Feminine resolve
on Our Women on the Ground: Essays by Arab Women Reporting from the Arab World, edited by Zara Hankir
Our Women on the Ground is a collection of essays by Arab and Middle Eastern Sahafiyats (female journalists) that stand on the front lines of the Arab spring. For so long I had refused to learn about this; fully expecting narratives charged with military strategies and state policies I was much too unfamiliar with and the merciless exclusion of women’s accounts. Granted, military combat is the defining male role, and the patriarchal society of the Middle East actively exclude women from combat on religious and moral grounds.
While their fathers, brothers, sons and husbands are being recruited or hunted, women - deprived of agency in almost every aspect of their lives - are left to fend for themselves. The divide between men and women multiplied, creating a space beyond the reach of war correspondents, which consists largely of men. Despite having been assaulted, detained and shot, these Sahafiyats reach into this space, determined to tell the stories left untold. Beyond accounts of gender violence and forced displacement, this book reminds us of the horror of transnational recruitment to the Daesh, as well as the legacy of patriarchal autocracy in the Middle East.

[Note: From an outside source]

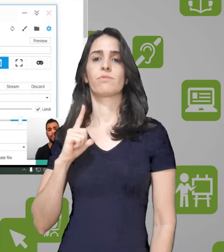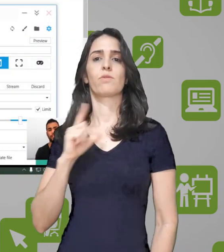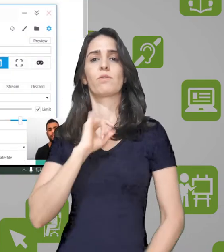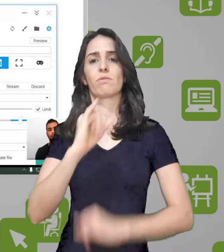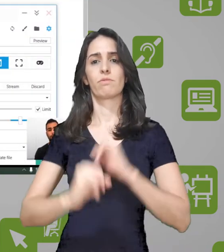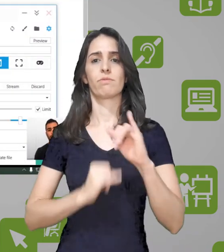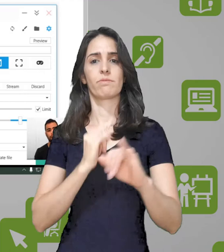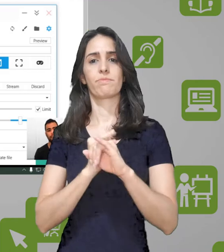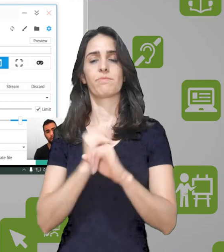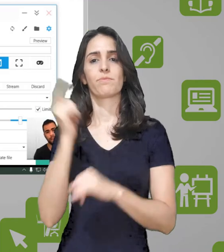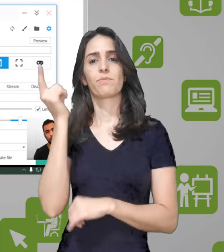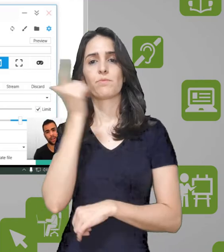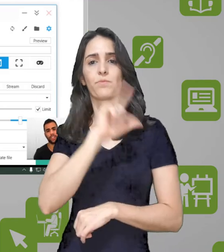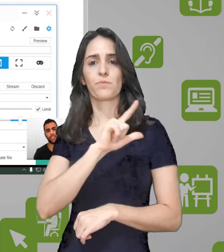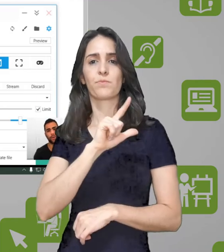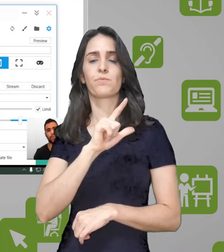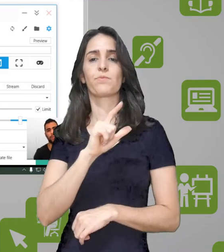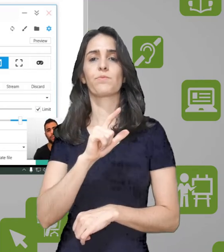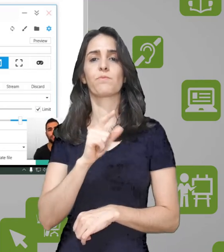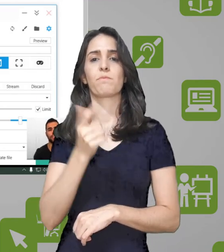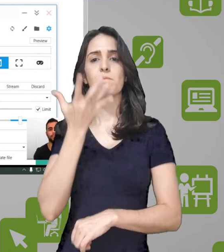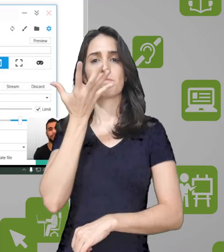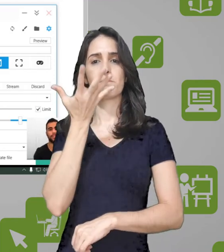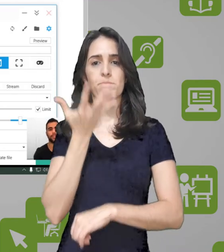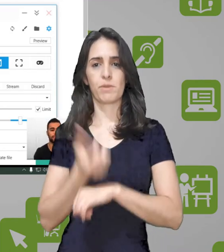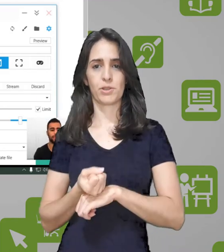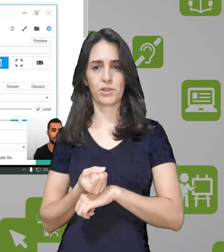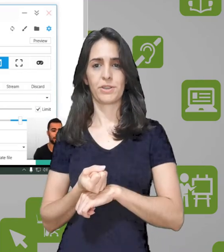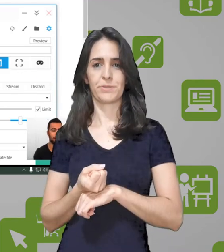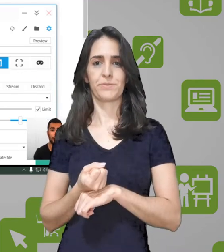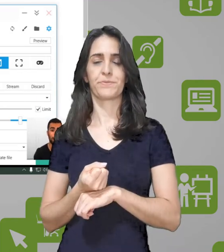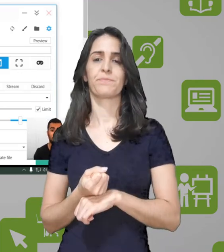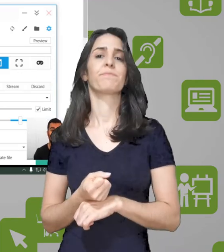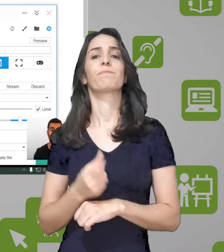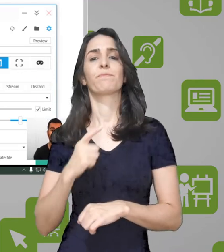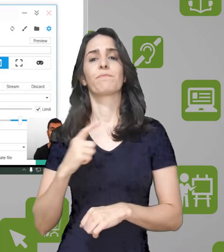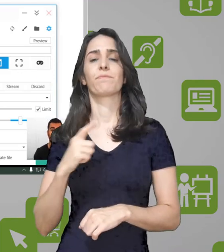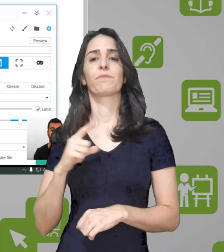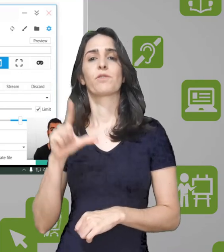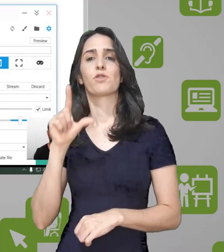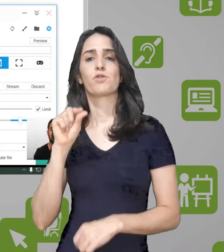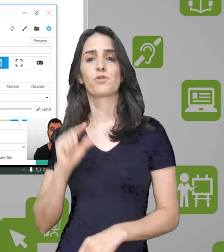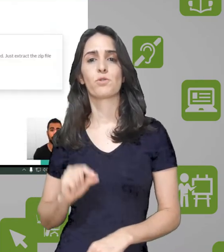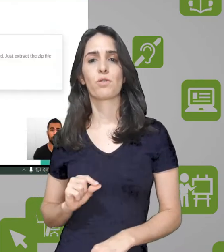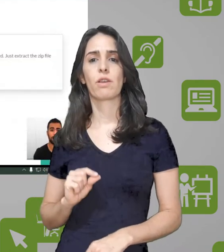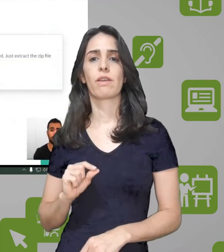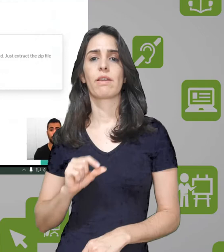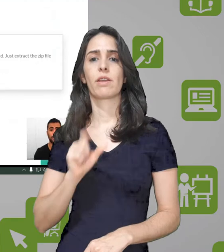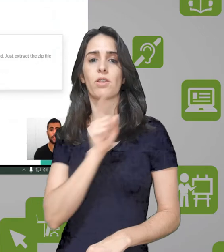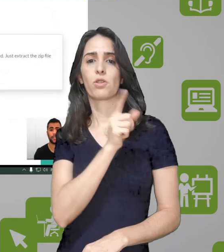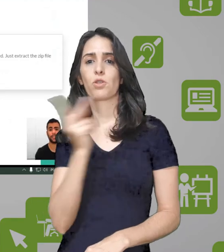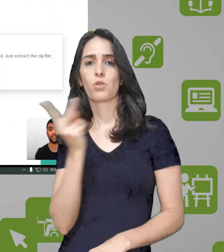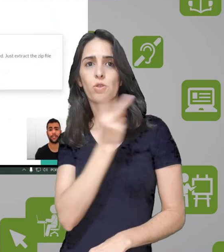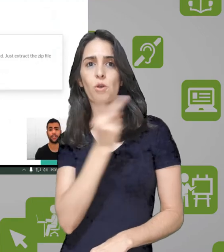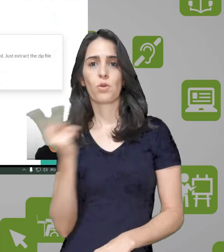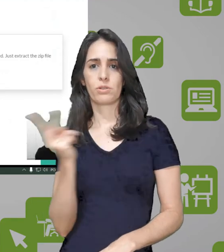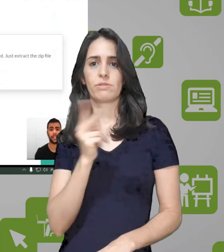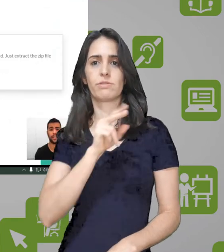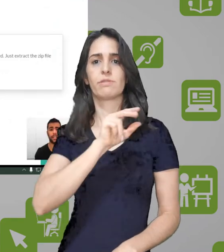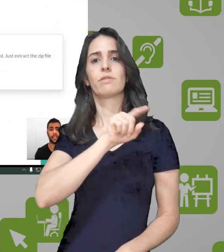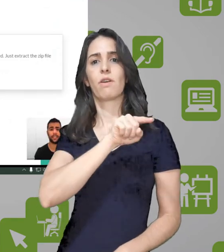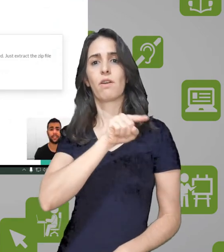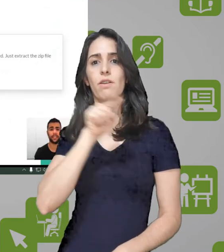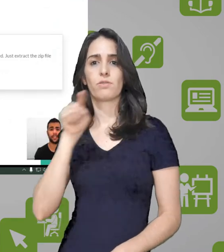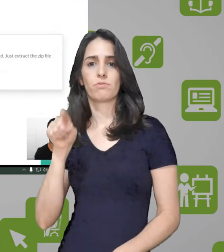preferência, através da URL disponibilizada, vocês vão acessar a opção de download. Nessa opção, vocês estão a escolher

Hwaida Saad, in her essay What Normal? recalls an informant that was recruited: “Even the chef became a batallion leader...He was once a professional at making Arabic sweets and kebabs; he’s now a professional at making hand grenades.” Zeina Karam, in Syria Undone, recalls the day Hafez al-Assad died: “I caught a glimpse of a man covering his face, and realised he was weeping silently. “Tyattamna (we have been orphaned),” said the young security guard searching our car when my taxi driver offered his condolences. Although he was hated by many, Assad, having ruled Syria for thirty years, was the only leader many had ever known. A Syria without him seemed unthinkable.” This much is true: Patriarchy has failed us - women, men and nations alike. This is an anthology of the female resolve; collected evidence on unbroken purpose and inexhaustible courage.
notes
I finished this book on a train ride back to London. To read about war in a city blessed with a multitude of convenience and ease; a city so liberated that people roam free to wear, to read, to kiss, to preach...the comfort feels almost like a misdeed. Perhaps this is why these Sahafiyats return, over and over again, to their war-torn countries. What do you call the guilt you feel when you are safely confined from the flames that burn the world you are bound to? I always wonder if we are to apologise for our disposition. Must we offer repentance over the circumstances of our birth, our wealth, or citizenship? We carry within ourselves the burdens of our families and the sins of our countrymen. Is it enough to simply acknowledge the kind of privilege they have allowed us; or must we strive, endlessly, to prove ourselves worthy? Or perhaps it is not guilt after all. Perhaps it’s a longing, a kind of hope in their raging hearts to mother the abandoned and destitute back to life. A better life. Can the woman ever truly be herself? Is it possible for her dreams to never be diluted by the duty to nurture that is imposed upon her - to mother all that is broken?